■ **EXERCISE DATA**:
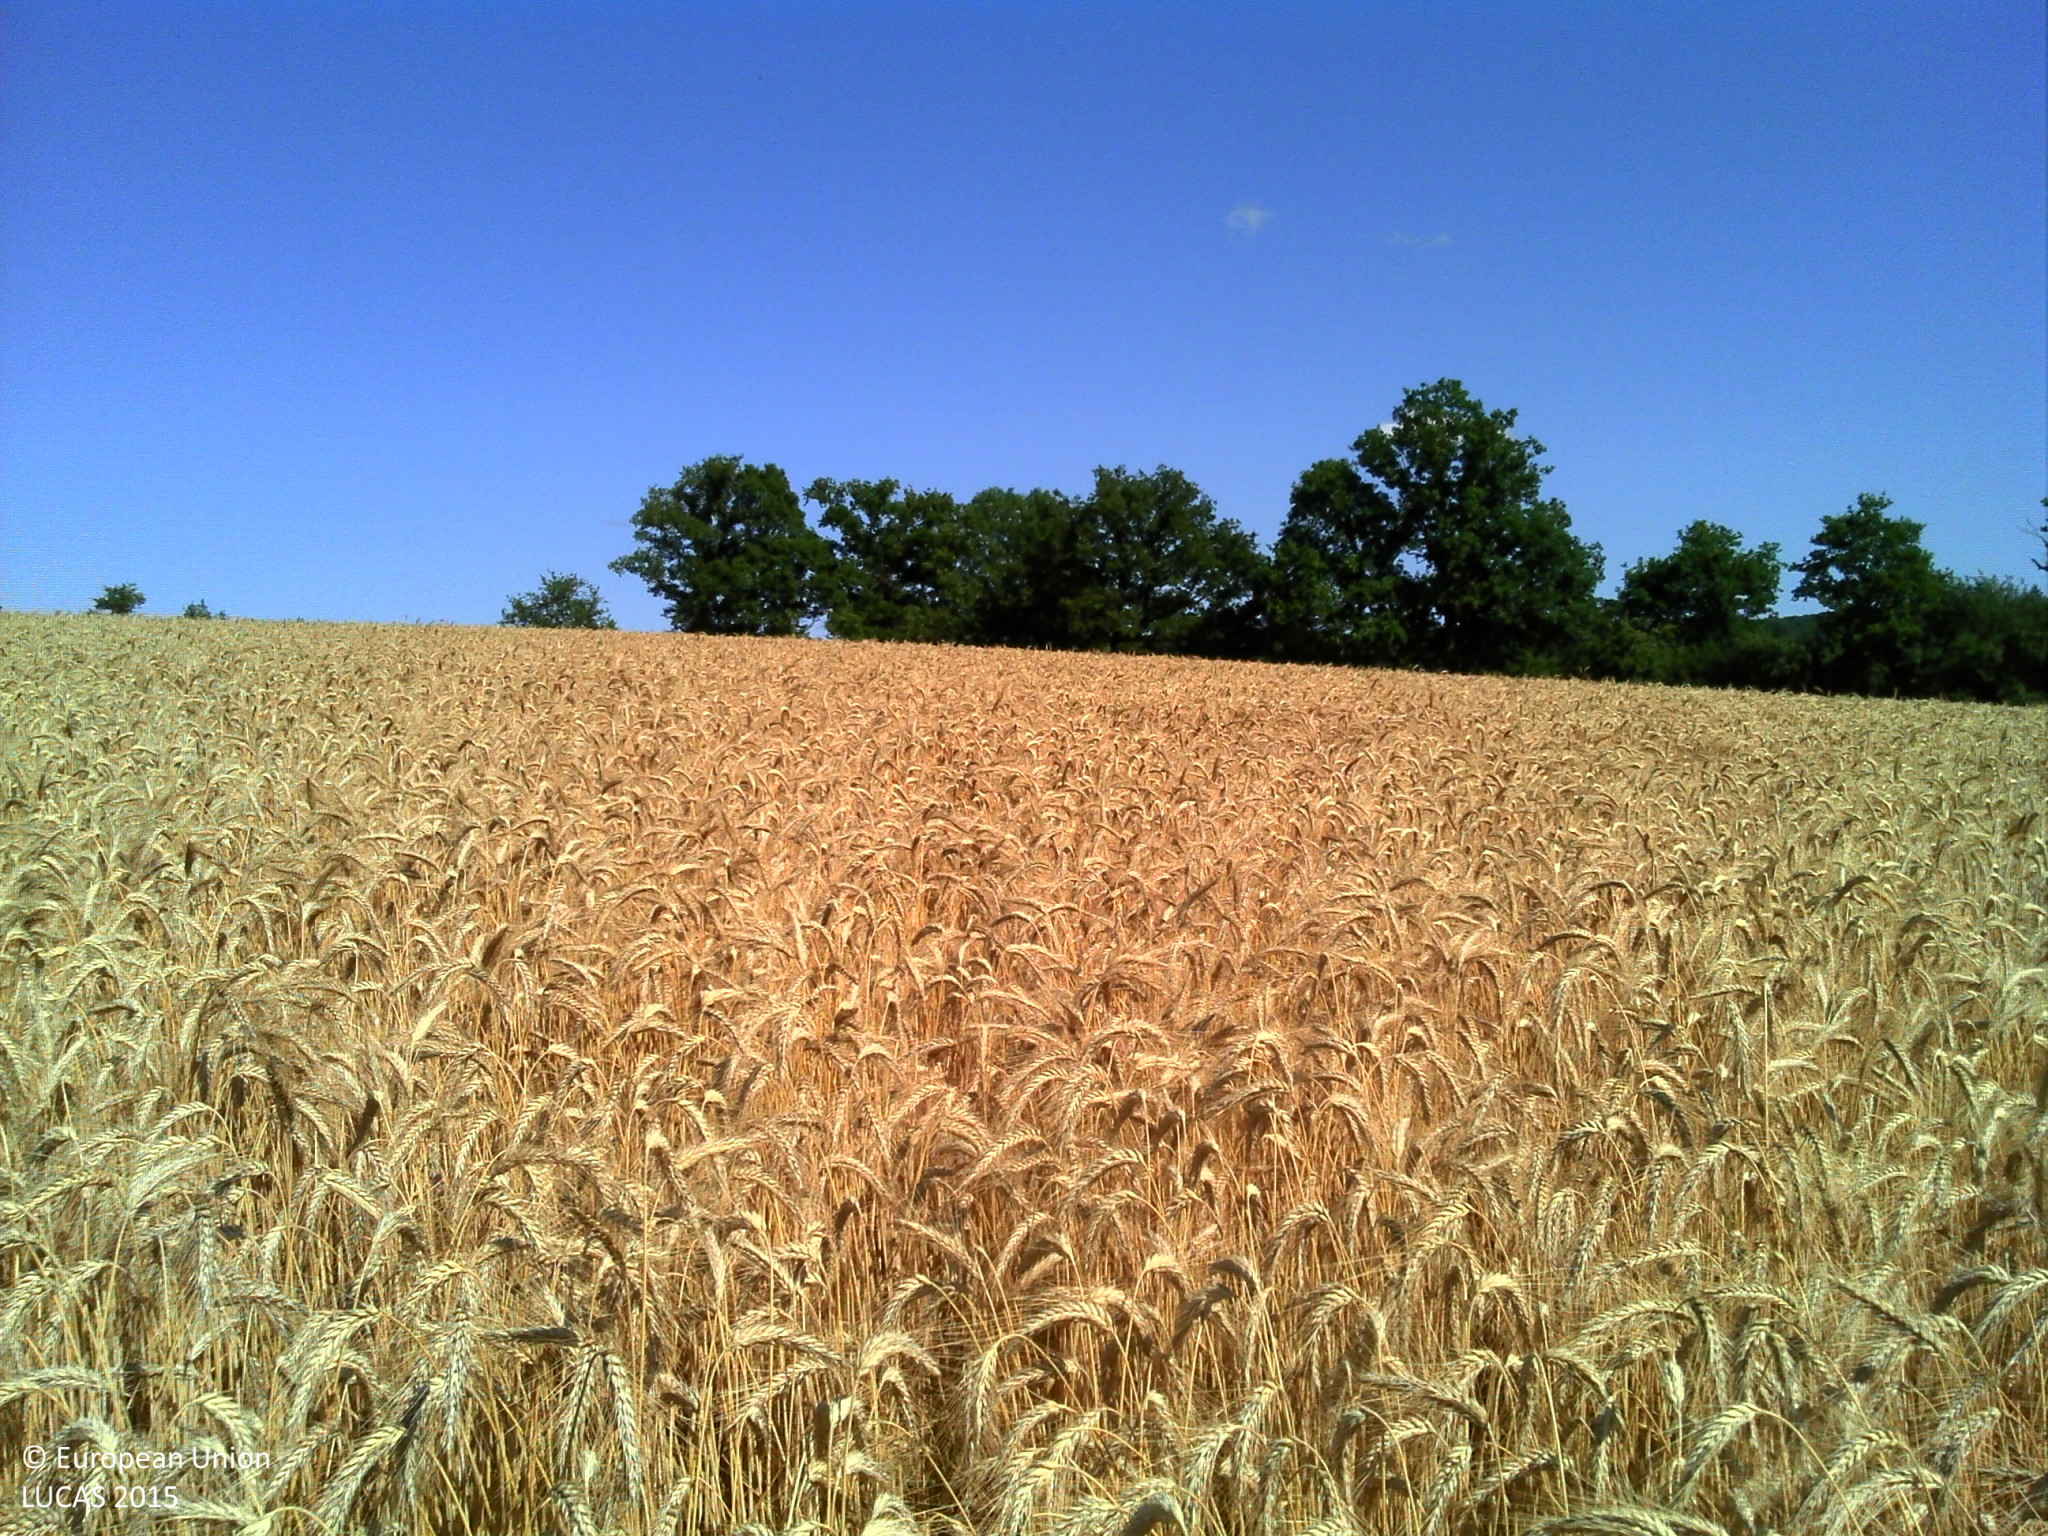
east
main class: Cropland
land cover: Common wheat
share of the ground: > 75 %
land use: Agriculture (excluding fallow land and kitchen gardens)
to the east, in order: Common wheat; Managed hedges; Tracks; Grass margins; Managed hedges; Grassland without tree/shrub cover
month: July
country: FR
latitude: 48.4755
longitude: -0.1903

■ **TASK TO COMPLETE**: Take the line that holds "share of the ground: > 75 %" as the first and the last line of the material as the final one. Print that span exactly, both ends included.

■ **RESULT FOR THIS TASK**:
share of the ground: > 75 %
land use: Agriculture (excluding fallow land and kitchen gardens)
to the east, in order: Common wheat; Managed hedges; Tracks; Grass margins; Managed hedges; Grassland without tree/shrub cover
month: July
country: FR
latitude: 48.4755
longitude: -0.1903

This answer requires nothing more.